Ma première rencontre avec Jimi se passe en 2004, à Paris après un grand Bal à Bercy. Je suis avec Hamid Fall mon grand frère et fiscaliste émérite (Paix à son âme). Grâce à lui, je rentre dans le saint des saints à la fin du spectacle. Cela se limite à quelques salamalecs et félicitations. Déjà, je remarque un gars attentionné. La deuxième rencontre se passe en 2012. À l’époque, je dirigeais la rédaction de Agendakar. À la fin d’un concert du Super Étoile à l’Institut Français de Dakar, je me rapproche de Jimi. Sur le coup, il ne se rappelait plus de moi mais m’accordait l’interview que j’étais venu solliciter. C’est chez lui où il m’invita qu’il se souvint de notre rencontre parisienne et se confondit en excuces de ne pas m’avoir reconnu sitôt que je m’étais présenté à lui. Signe de grandeur ! Et nous passâmes tout l’après-midi dans son studio. Un moment inoubliable pour moi, tant mon hôte avait pris le temps de me raconter son parcours, ses projets, sa vie de guitariste, les artistes pour lesquels il joue, les jeunes talents qu’il encadre…
À partir de cette rencontre, on a gardé le contact par Messenger et WhatsApp.

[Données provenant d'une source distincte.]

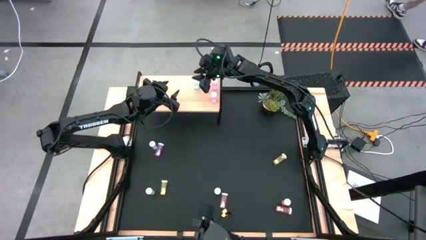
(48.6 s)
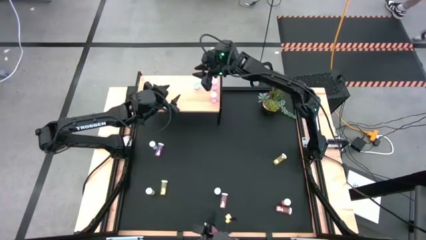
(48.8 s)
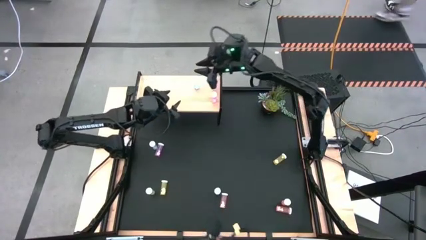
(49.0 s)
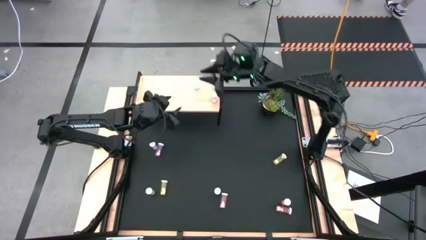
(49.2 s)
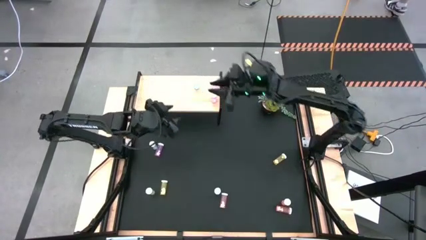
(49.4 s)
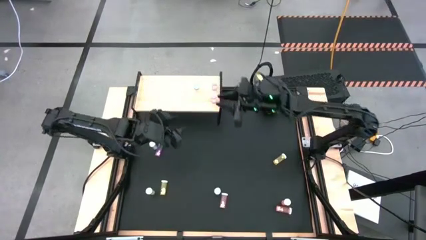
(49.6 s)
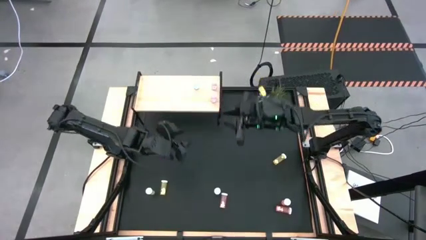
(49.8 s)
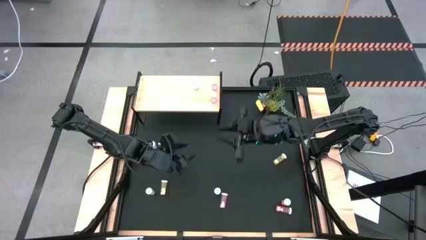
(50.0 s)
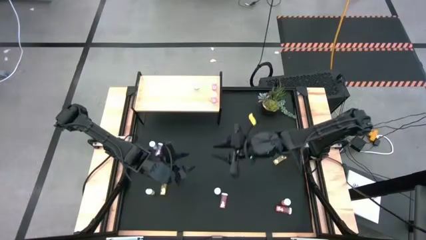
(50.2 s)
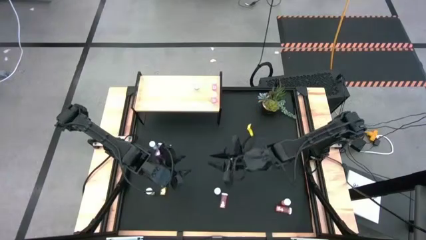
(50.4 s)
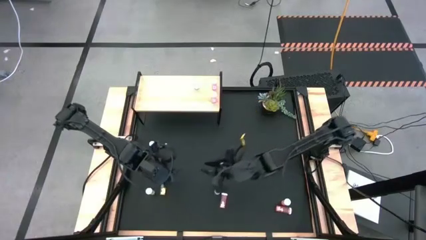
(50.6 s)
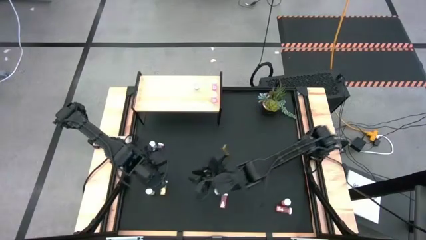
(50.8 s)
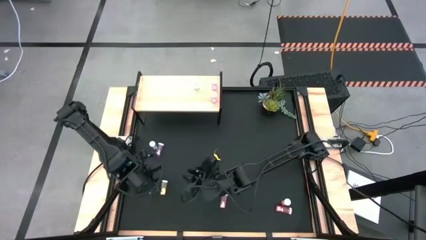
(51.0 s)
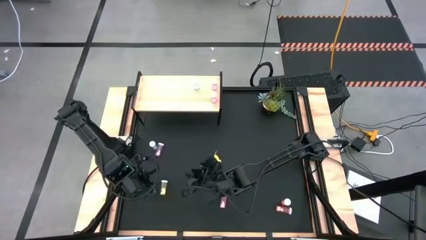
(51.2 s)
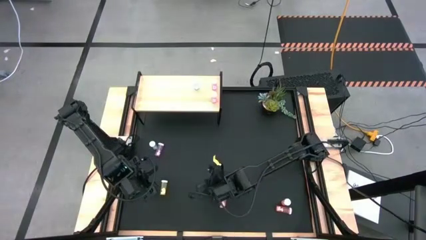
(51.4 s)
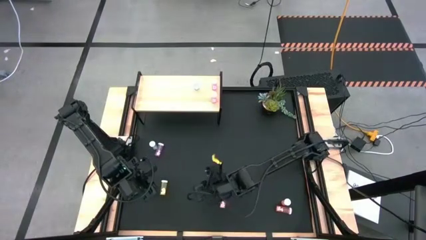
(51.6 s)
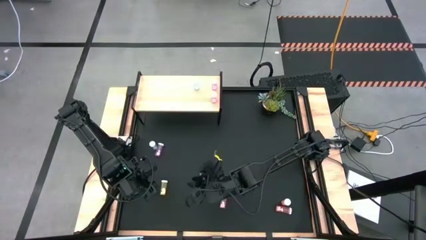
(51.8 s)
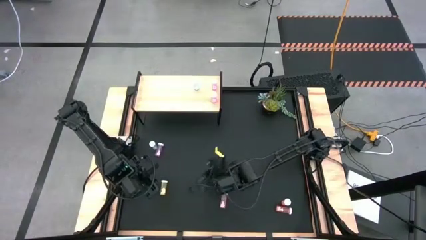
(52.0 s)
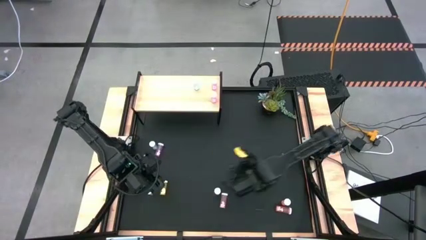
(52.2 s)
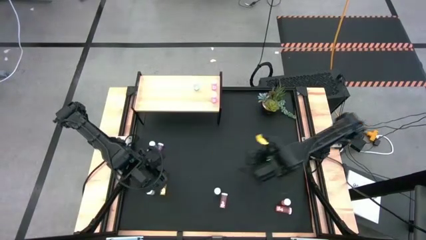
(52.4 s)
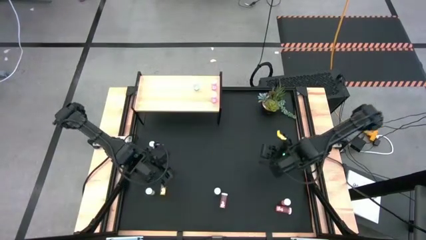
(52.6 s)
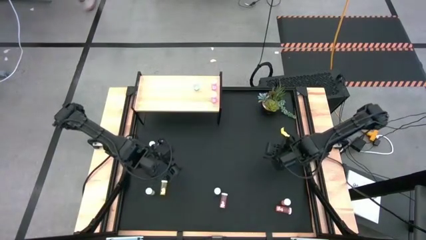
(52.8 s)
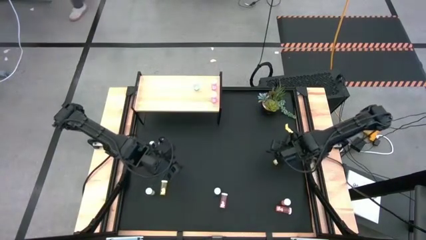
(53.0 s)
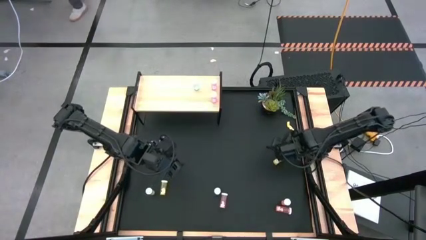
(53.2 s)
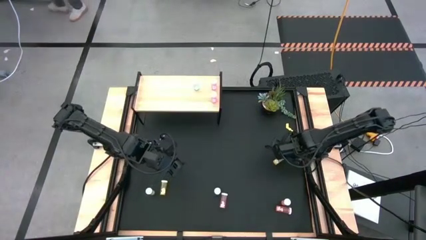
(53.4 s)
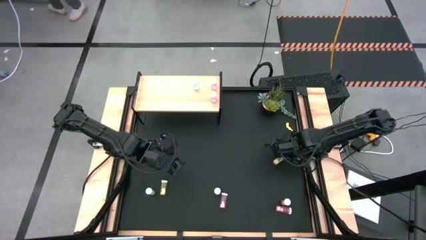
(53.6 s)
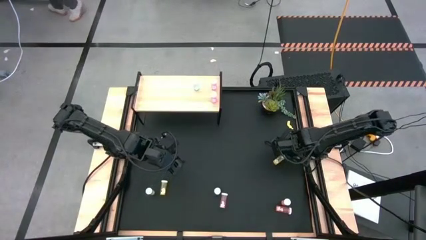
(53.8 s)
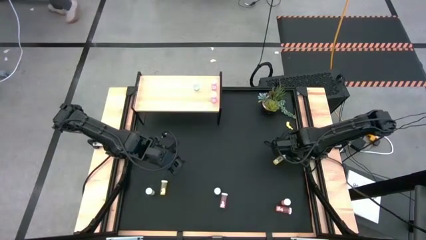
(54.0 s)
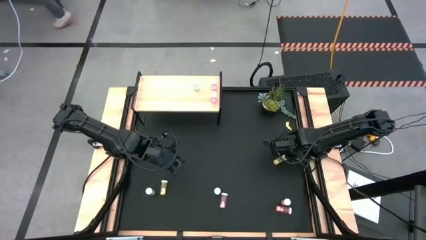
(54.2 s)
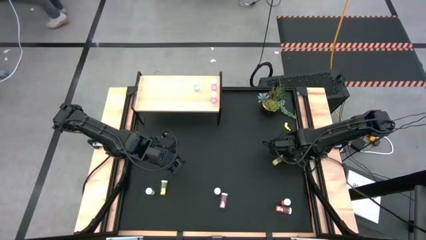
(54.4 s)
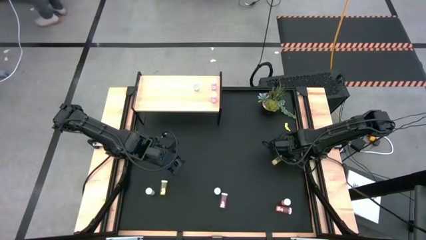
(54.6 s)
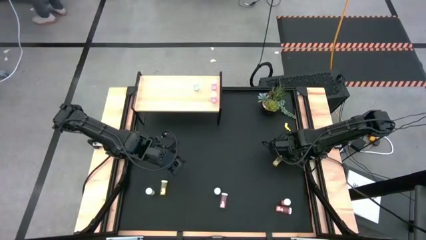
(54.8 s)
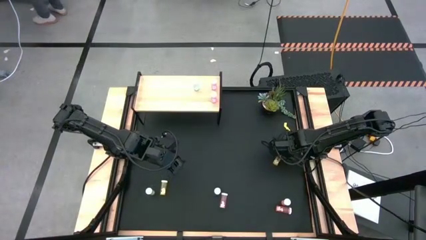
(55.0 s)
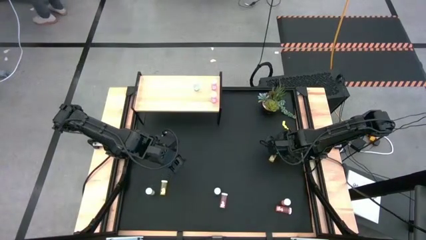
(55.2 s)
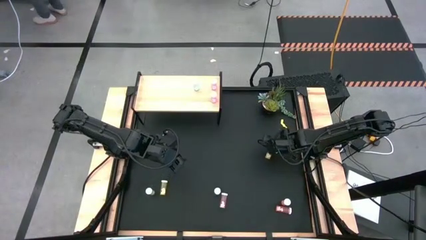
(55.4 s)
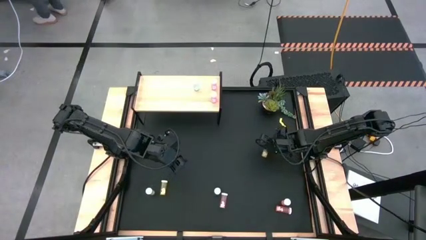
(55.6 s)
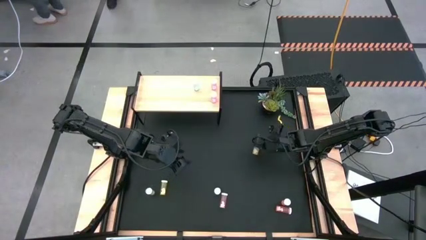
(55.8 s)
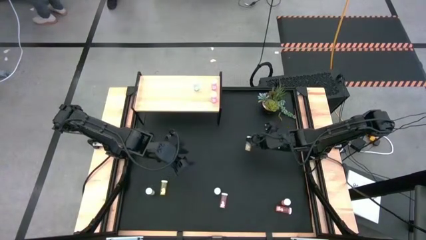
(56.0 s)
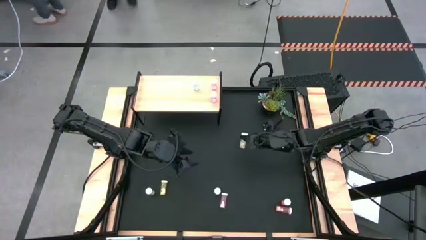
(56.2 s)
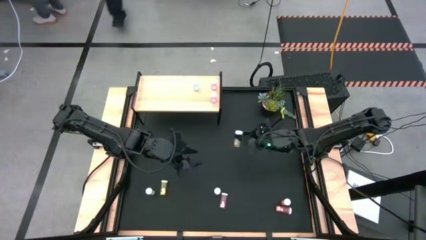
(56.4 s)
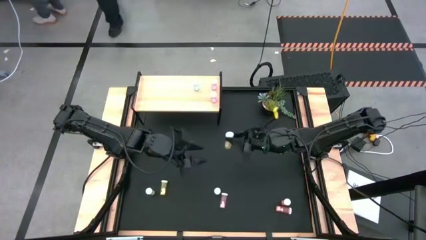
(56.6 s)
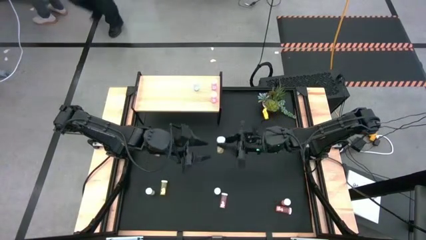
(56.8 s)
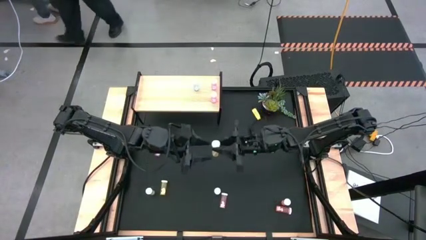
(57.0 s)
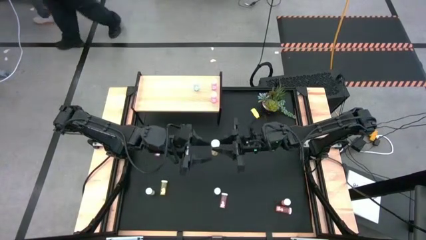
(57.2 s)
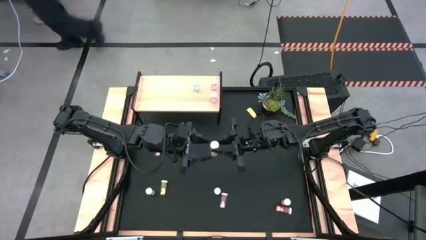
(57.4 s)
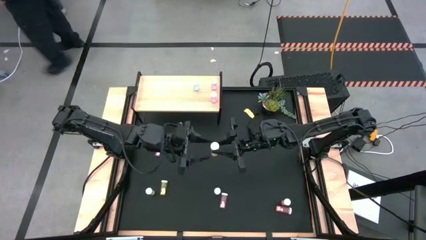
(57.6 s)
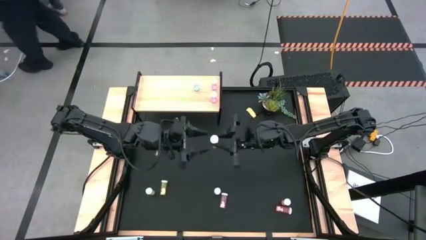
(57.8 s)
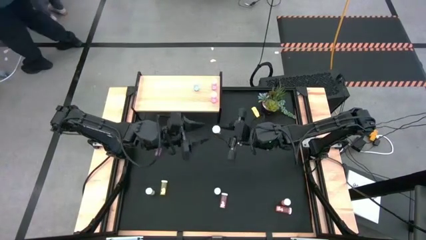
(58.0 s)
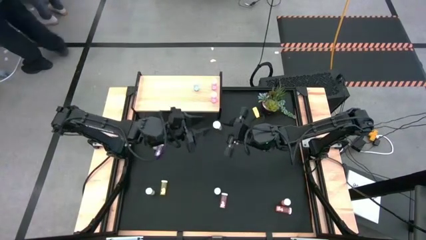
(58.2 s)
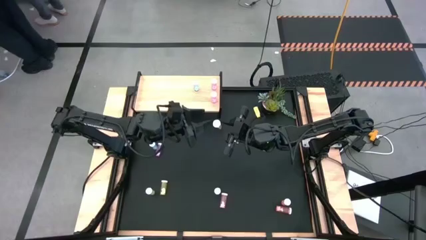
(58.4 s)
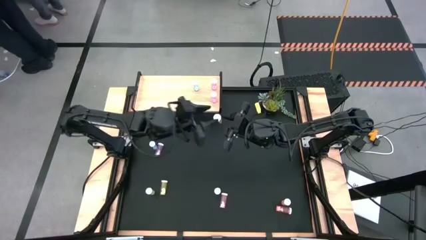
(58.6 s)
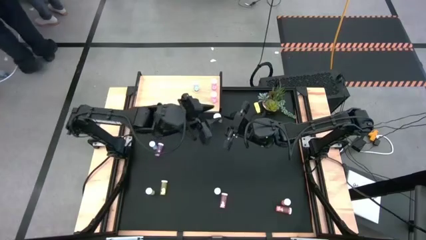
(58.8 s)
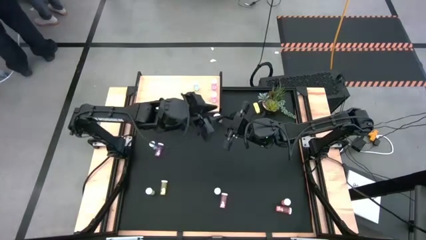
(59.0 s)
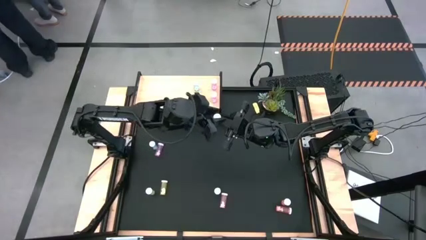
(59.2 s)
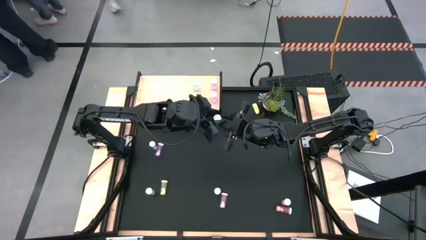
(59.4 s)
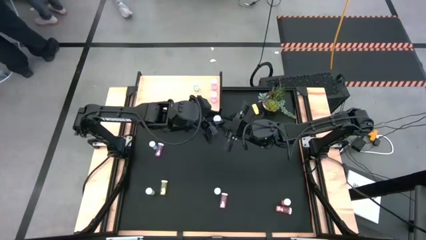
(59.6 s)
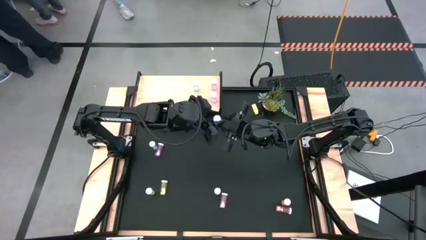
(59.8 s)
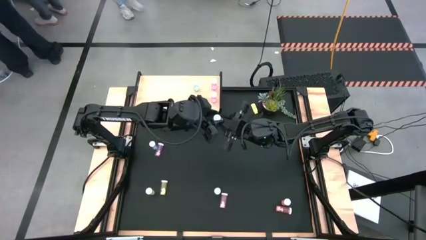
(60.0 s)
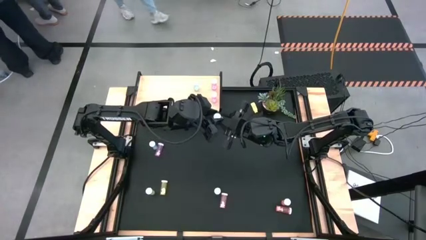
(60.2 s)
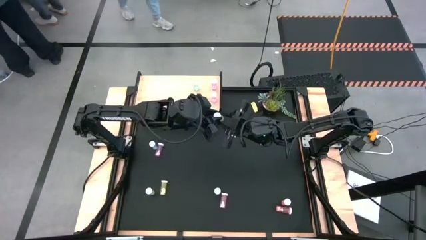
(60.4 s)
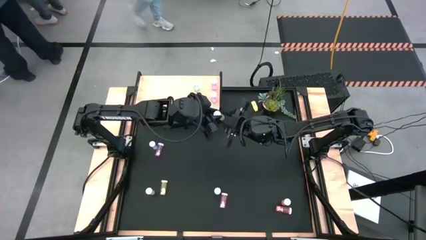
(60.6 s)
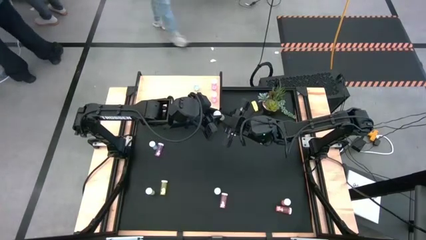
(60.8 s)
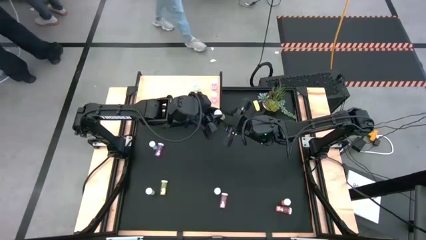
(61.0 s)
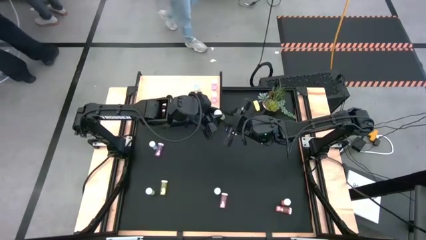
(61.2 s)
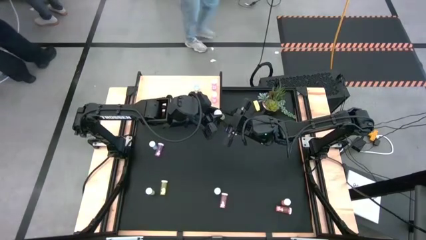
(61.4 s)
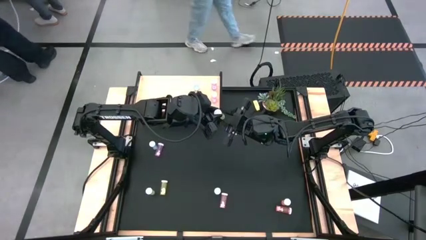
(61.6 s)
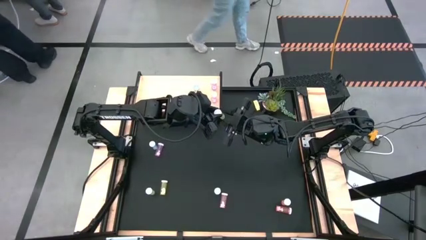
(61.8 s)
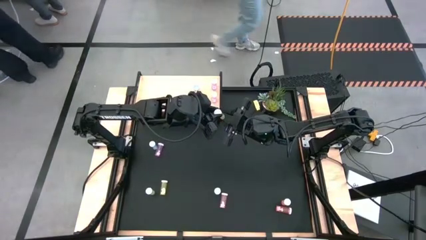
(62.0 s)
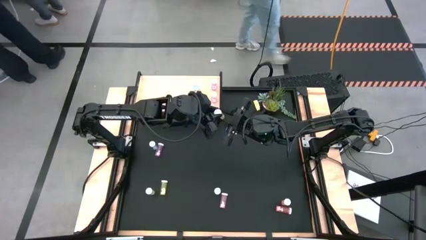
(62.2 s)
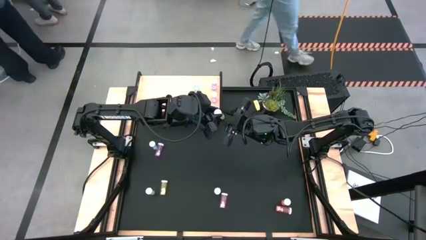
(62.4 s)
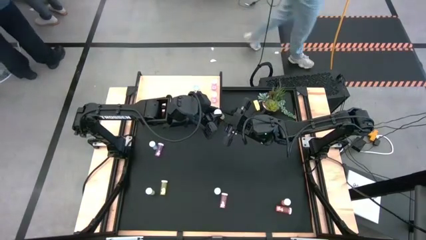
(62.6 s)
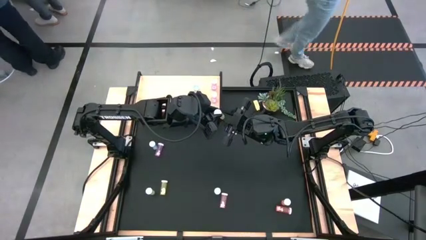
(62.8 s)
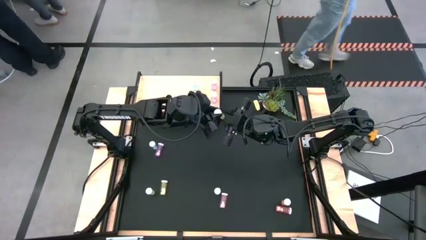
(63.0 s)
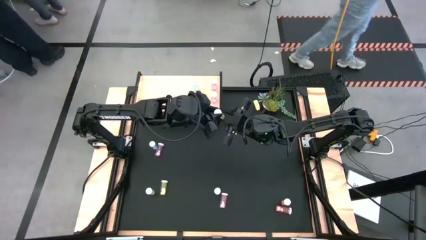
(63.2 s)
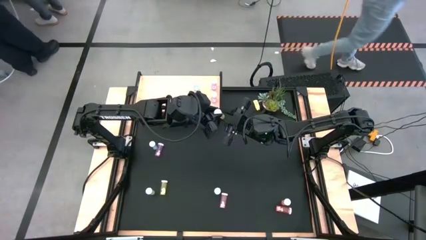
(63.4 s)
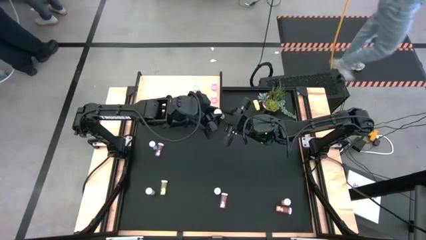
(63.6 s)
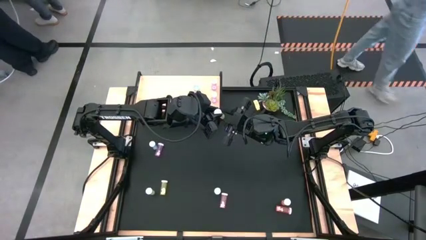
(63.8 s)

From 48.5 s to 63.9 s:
Task: Pick and place medicine bottles onto shelf by color
Put the top yellow pill bottle on the shelf

Pas un Korité, Tabaski ou fête de fin d’années sans qu’on échange quelques mots. Chaque fois qu’on a eu aussi à se croiser à un panel sur la musique ou bien au sortir d’un spectacle, ou au hasard des rencontres, Il gardait toujours le même sourire, la même attention et les mêmes drôleries.
Son départ laisse un grand vide dans le cœur des mélomanes et sa famille pleure un digne fils. Jimi est un homme courtois, un homme posé et réfléchi, un vrai gentleman. Il savait théoriser sa musique, expliquer son univers avec élégance. Il était un intellectuel de la musique. Fils d’un érudit du Coran, il avait hérité de son papa la foi inébranlable, la pudeur et l’humilité. Que toutes ses qualités l’accompagnent et témoignent, pour lui, dans sa dernière demeure.
Toutes nos pensées vont vers ses épouses Awa et Aicha, ses enfants, ses parents et sa grande famille du Super Étoile, Youssou Ndour au premier chef.
Qu’Allah fasse descendre sa miséricorde sur Mamadou Mbaye et soutenir sa famille dans cette épreuve. Quant au Sénégal, le pays tout entier dit Jarama à ce passeur de mémoire et ambassadeur de la culture. Adieu l’Artiste !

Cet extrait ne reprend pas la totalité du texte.